Data provided
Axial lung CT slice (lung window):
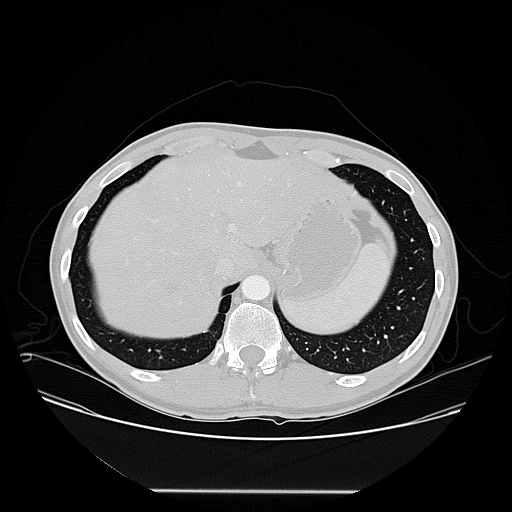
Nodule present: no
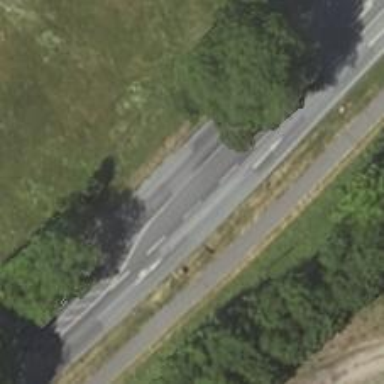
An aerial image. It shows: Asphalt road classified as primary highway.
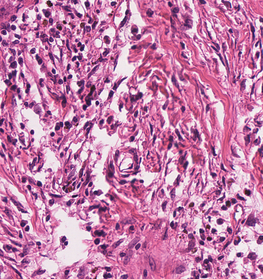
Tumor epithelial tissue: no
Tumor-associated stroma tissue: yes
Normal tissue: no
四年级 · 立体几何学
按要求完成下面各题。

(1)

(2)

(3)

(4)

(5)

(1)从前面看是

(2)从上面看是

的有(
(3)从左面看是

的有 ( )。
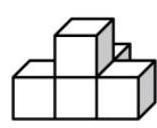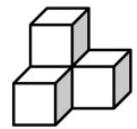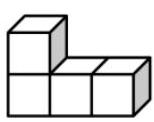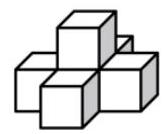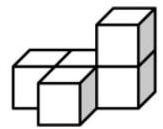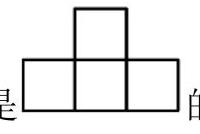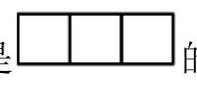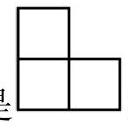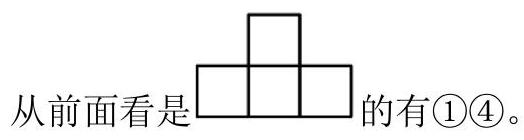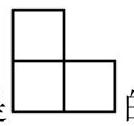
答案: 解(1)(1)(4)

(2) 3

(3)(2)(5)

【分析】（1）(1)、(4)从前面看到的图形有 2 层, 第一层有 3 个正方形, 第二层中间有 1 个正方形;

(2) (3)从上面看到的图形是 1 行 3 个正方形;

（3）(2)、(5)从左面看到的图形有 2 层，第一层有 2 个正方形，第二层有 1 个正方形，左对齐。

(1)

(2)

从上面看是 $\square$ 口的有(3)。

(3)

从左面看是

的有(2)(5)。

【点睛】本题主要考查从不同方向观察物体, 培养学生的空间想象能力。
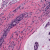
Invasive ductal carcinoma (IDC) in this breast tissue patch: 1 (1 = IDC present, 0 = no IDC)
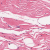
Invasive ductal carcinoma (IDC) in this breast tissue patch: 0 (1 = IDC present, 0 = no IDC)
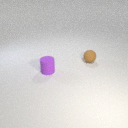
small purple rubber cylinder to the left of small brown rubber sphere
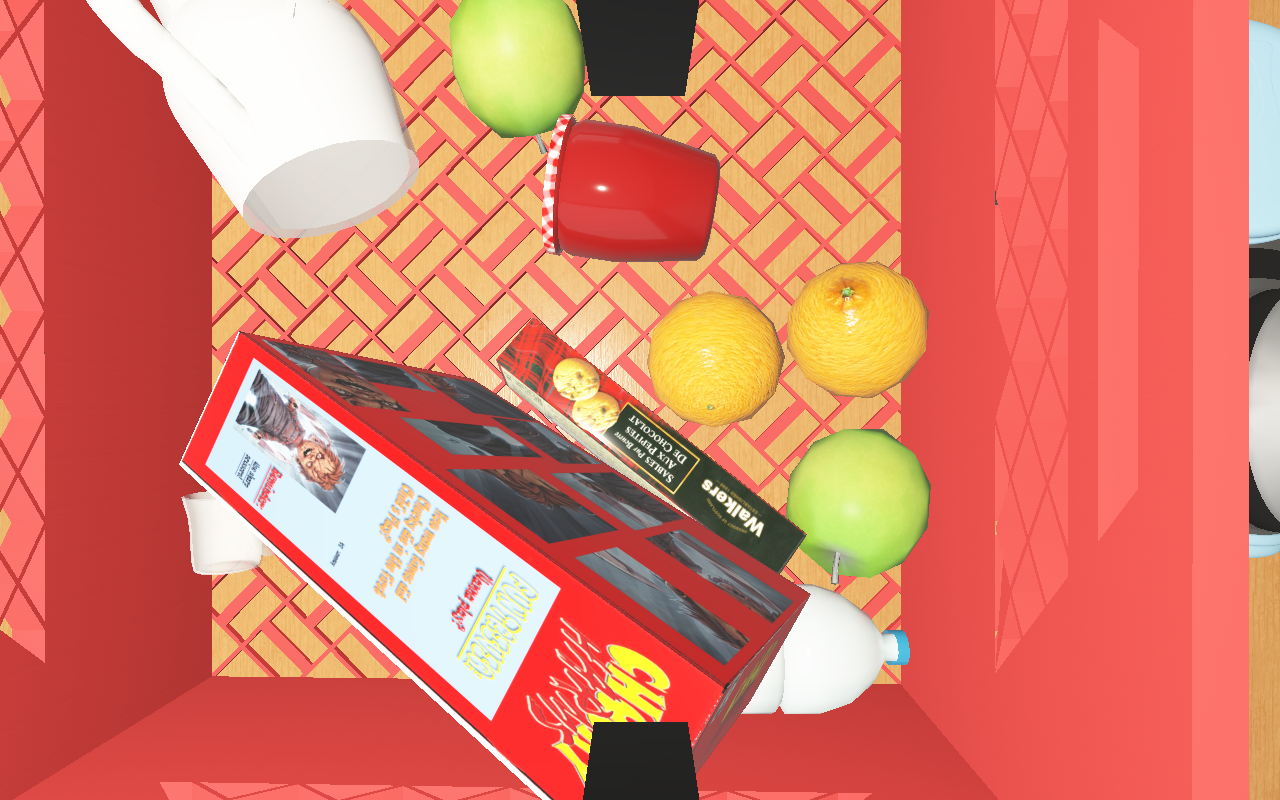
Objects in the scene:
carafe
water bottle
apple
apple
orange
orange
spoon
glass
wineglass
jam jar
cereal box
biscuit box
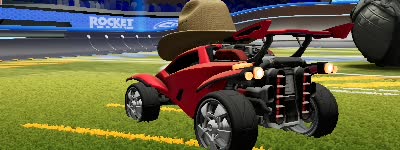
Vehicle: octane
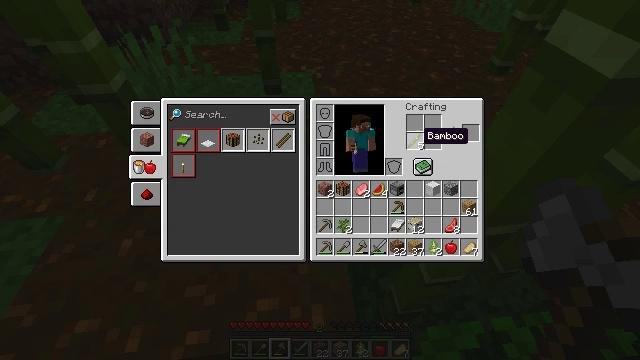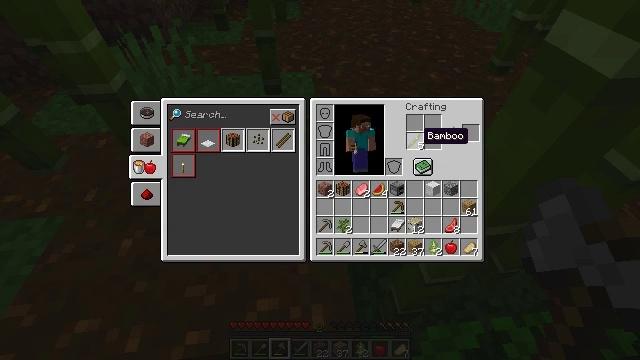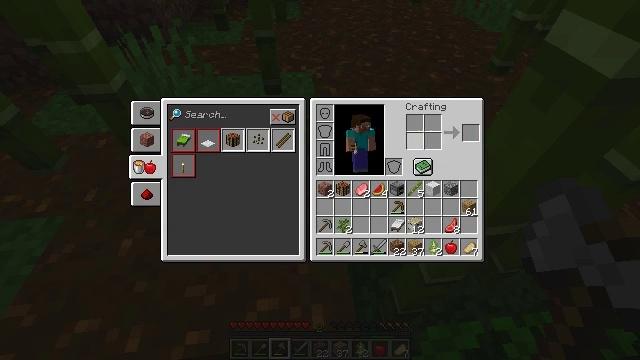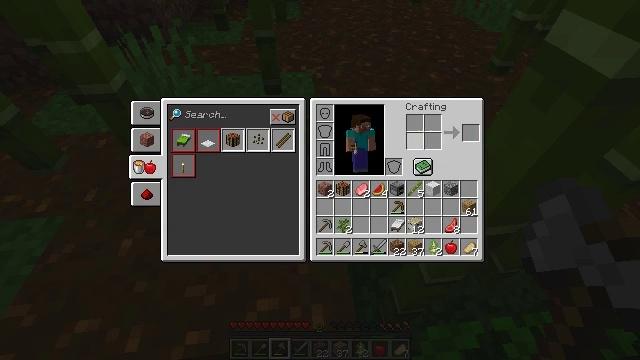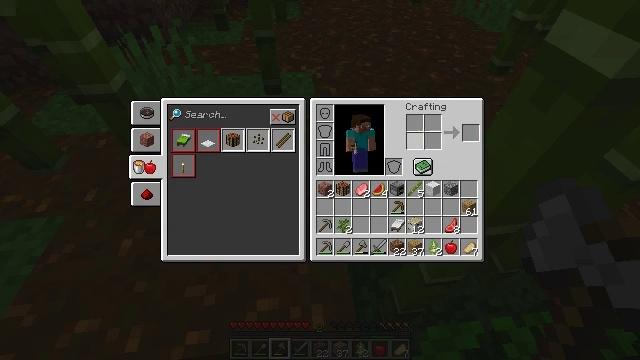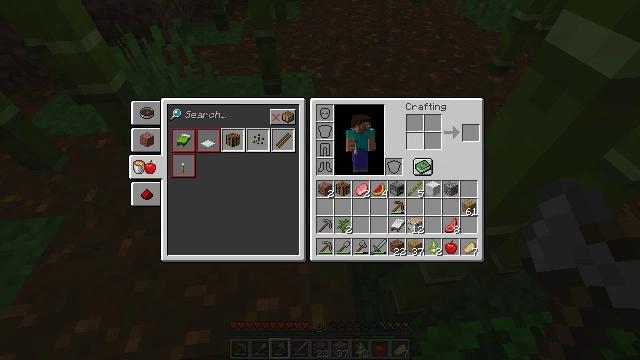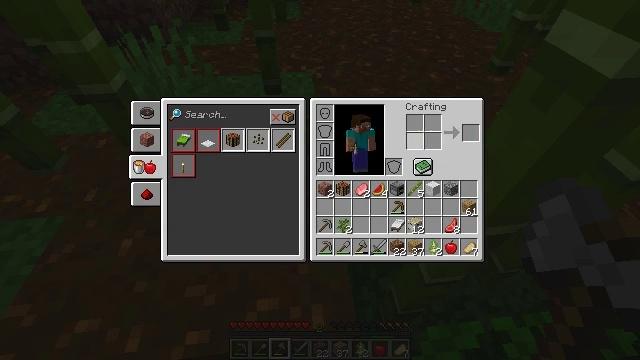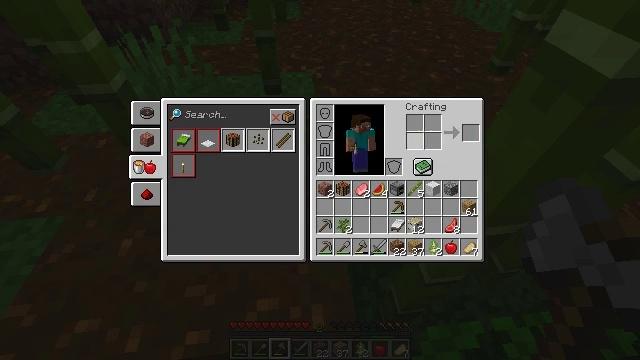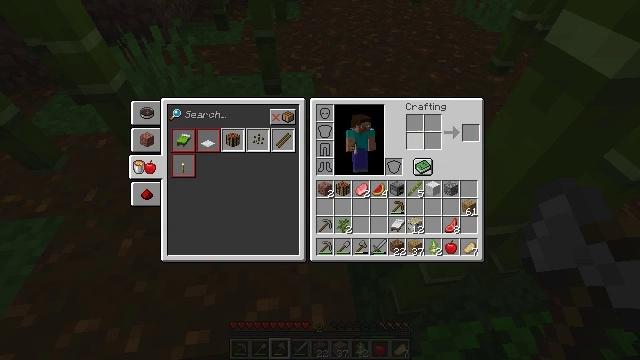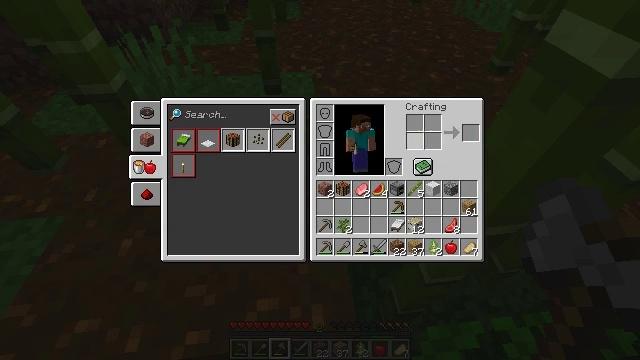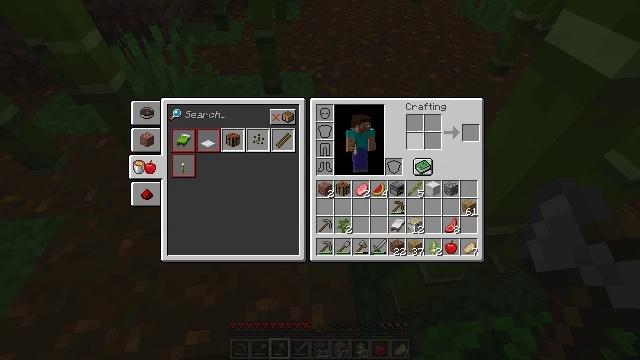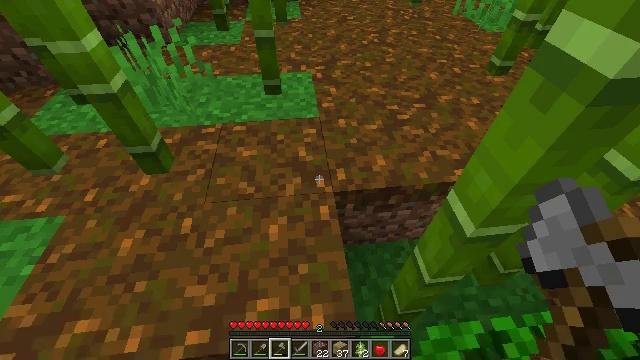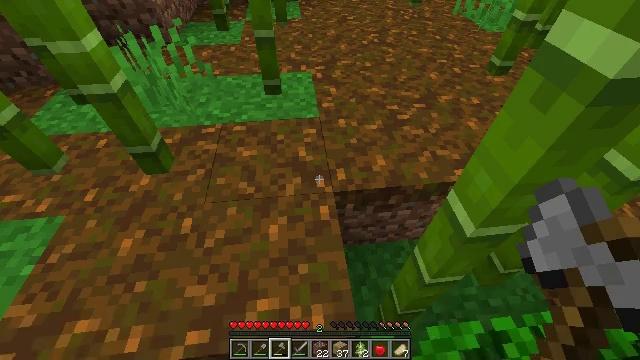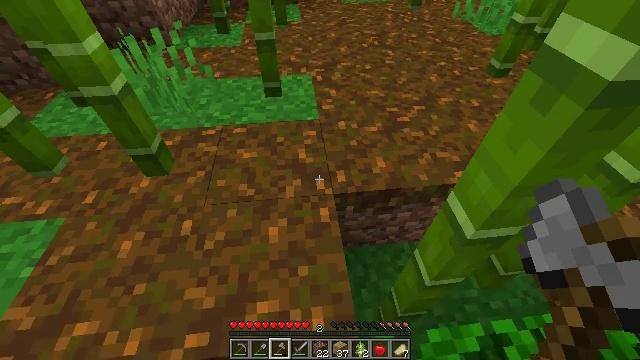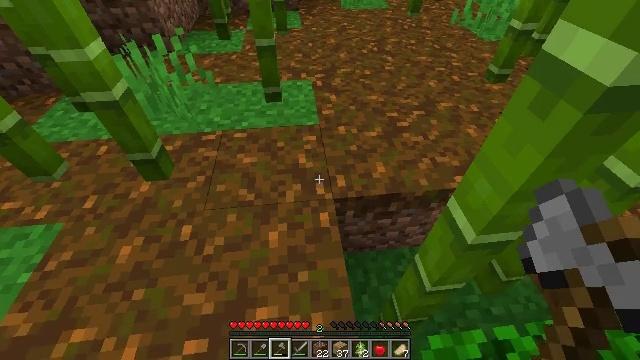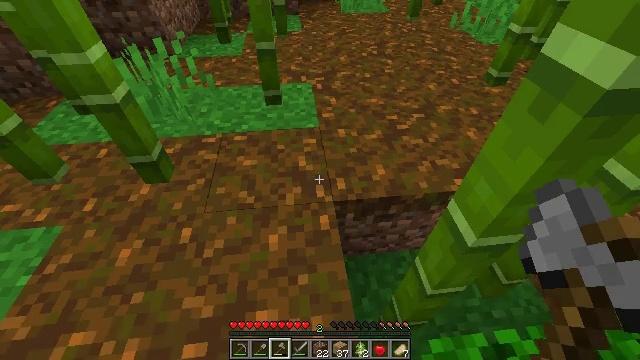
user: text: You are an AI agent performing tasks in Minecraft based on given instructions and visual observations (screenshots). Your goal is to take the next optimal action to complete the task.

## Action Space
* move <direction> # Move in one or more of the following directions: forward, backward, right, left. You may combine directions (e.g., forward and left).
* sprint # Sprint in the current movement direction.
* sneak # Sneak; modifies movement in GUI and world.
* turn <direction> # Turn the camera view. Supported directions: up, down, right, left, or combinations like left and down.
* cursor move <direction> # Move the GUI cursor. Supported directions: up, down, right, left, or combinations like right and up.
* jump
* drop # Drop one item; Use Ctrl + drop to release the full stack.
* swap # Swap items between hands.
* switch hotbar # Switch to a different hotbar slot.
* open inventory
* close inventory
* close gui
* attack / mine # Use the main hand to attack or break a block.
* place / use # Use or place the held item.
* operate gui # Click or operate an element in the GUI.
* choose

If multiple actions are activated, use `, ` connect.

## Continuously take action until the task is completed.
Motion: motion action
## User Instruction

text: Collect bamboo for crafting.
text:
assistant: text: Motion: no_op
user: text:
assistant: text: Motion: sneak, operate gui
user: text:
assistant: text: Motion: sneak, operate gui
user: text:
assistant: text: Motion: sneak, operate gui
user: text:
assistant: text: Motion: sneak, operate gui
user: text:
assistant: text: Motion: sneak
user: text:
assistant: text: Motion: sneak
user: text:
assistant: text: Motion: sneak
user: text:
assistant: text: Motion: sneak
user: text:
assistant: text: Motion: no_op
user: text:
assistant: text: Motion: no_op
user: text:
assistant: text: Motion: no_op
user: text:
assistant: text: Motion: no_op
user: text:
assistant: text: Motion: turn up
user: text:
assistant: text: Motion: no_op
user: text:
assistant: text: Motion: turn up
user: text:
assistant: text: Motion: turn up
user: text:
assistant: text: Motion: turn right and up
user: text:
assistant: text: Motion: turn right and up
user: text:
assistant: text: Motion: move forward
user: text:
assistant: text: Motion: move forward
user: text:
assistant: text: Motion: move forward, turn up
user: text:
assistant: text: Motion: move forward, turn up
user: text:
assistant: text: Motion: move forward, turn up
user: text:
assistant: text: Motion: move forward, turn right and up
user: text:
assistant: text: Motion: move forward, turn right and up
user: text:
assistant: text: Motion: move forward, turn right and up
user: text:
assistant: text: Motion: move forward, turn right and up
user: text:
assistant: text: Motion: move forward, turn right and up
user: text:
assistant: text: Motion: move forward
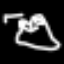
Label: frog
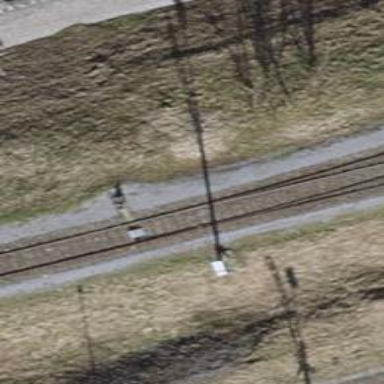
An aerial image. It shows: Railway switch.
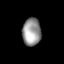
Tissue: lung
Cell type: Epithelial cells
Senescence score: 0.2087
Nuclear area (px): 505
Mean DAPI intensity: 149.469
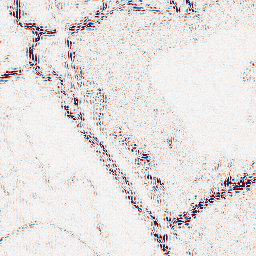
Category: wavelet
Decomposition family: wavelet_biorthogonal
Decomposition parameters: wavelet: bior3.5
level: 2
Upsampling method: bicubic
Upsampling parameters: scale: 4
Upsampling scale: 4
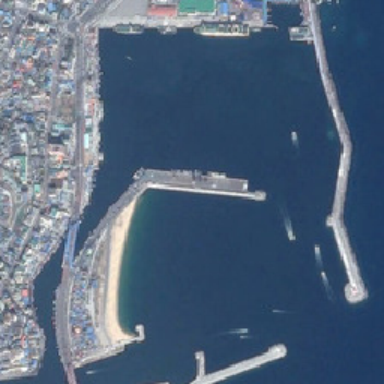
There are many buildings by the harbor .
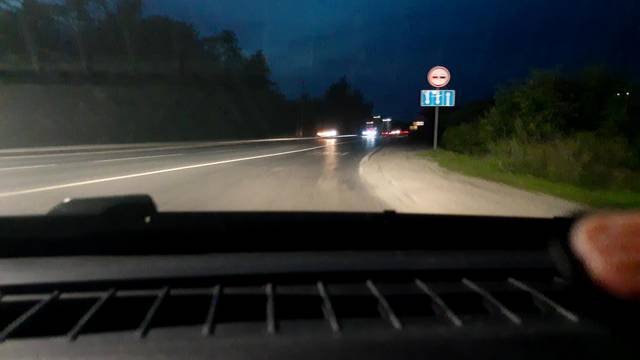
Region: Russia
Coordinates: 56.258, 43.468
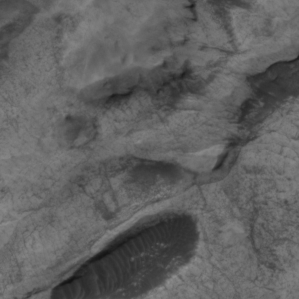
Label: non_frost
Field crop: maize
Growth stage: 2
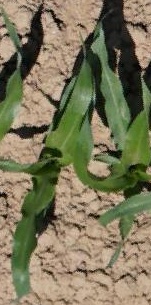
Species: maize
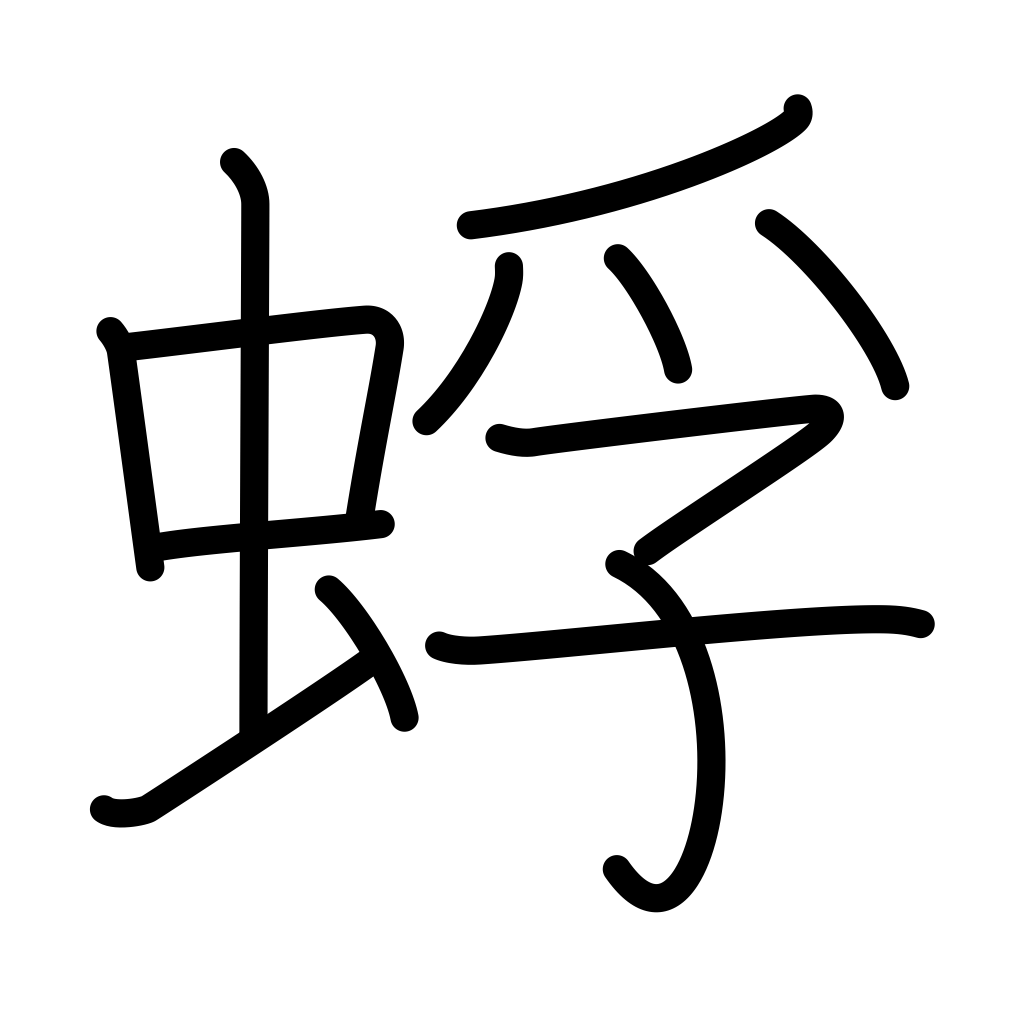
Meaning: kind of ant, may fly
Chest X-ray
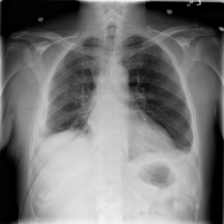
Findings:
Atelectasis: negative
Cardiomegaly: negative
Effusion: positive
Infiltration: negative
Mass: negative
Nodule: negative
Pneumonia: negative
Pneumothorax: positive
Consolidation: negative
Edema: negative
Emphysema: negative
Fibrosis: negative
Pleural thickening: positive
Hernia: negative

Aim of the task
Answer with one number only: how many lines in the listing include "like".

Reply
2